From the records below, copy out exactly the lines from the one containing "typeface? A: Sans-serif." to the one containing "The image shows 51", both included. Add nothing else.

→ Material for the task
★ ★ ★ ★ ★

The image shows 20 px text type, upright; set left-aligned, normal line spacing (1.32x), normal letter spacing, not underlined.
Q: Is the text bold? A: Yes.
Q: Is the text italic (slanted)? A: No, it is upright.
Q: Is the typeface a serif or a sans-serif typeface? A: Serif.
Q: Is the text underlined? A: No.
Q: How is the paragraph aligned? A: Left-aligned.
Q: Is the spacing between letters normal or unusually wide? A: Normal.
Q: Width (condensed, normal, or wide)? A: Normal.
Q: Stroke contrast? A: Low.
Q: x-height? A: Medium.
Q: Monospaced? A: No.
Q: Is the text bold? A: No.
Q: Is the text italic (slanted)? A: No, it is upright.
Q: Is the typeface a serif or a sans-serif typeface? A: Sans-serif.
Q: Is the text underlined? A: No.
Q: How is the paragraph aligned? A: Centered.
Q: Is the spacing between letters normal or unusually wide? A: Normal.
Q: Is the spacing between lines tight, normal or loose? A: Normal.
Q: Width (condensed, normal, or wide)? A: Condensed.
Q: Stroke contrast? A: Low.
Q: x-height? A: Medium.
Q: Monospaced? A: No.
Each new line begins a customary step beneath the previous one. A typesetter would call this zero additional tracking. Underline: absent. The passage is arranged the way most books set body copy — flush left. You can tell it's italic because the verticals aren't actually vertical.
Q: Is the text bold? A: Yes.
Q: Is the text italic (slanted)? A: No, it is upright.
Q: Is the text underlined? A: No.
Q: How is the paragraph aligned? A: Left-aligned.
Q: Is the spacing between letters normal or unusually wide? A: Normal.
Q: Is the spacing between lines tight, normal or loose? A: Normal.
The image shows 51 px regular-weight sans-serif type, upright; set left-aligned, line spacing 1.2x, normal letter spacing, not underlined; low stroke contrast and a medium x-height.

★ ★ ★ ★ ★

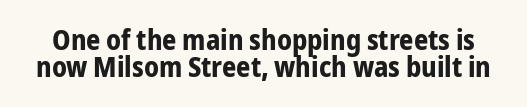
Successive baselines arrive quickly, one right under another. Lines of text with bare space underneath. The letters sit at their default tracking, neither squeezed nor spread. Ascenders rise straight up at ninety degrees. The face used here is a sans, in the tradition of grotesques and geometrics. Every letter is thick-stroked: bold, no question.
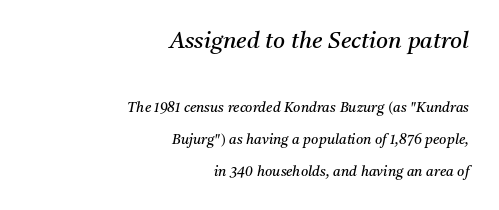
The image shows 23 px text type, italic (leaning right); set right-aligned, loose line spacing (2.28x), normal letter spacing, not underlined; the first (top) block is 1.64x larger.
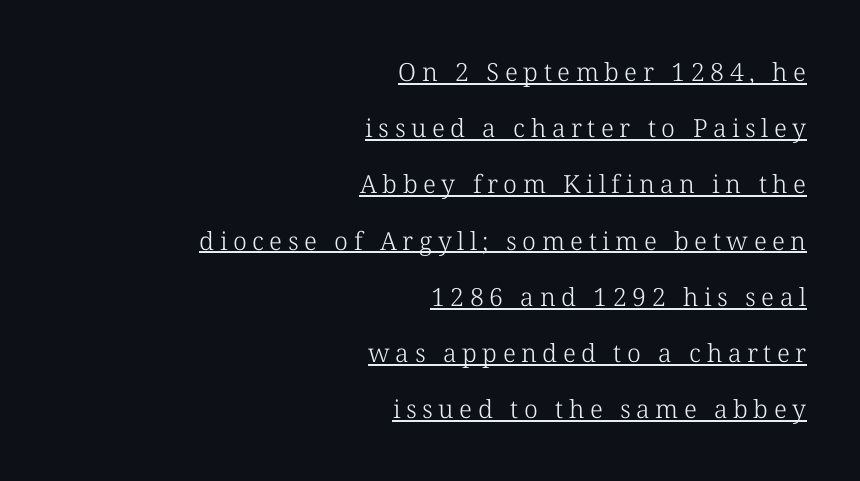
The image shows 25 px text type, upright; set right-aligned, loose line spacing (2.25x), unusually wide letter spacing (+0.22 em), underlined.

★ ★ ★ ★ ★

→ Result for this task
Q: Is the typeface a serif or a sans-serif typeface? A: Sans-serif.
Q: Is the text underlined? A: No.
Q: How is the paragraph aligned? A: Centered.
Q: Is the spacing between letters normal or unusually wide? A: Normal.
Q: Is the spacing between lines tight, normal or loose? A: Normal.
Q: Width (condensed, normal, or wide)? A: Condensed.
Q: Stroke contrast? A: Low.
Q: x-height? A: Medium.
Q: Monospaced? A: No.
Each new line begins a customary step beneath the previous one. A typesetter would call this zero additional tracking. Underline: absent. The passage is arranged the way most books set body copy — flush left. You can tell it's italic because the verticals aren't actually vertical.
Q: Is the text bold? A: Yes.
Q: Is the text italic (slanted)? A: No, it is upright.
Q: Is the text underlined? A: No.
Q: How is the paragraph aligned? A: Left-aligned.
Q: Is the spacing between letters normal or unusually wide? A: Normal.
Q: Is the spacing between lines tight, normal or loose? A: Normal.
The image shows 51 px regular-weight sans-serif type, upright; set left-aligned, line spacing 1.2x, normal letter spacing, not underlined; low stroke contrast and a medium x-height.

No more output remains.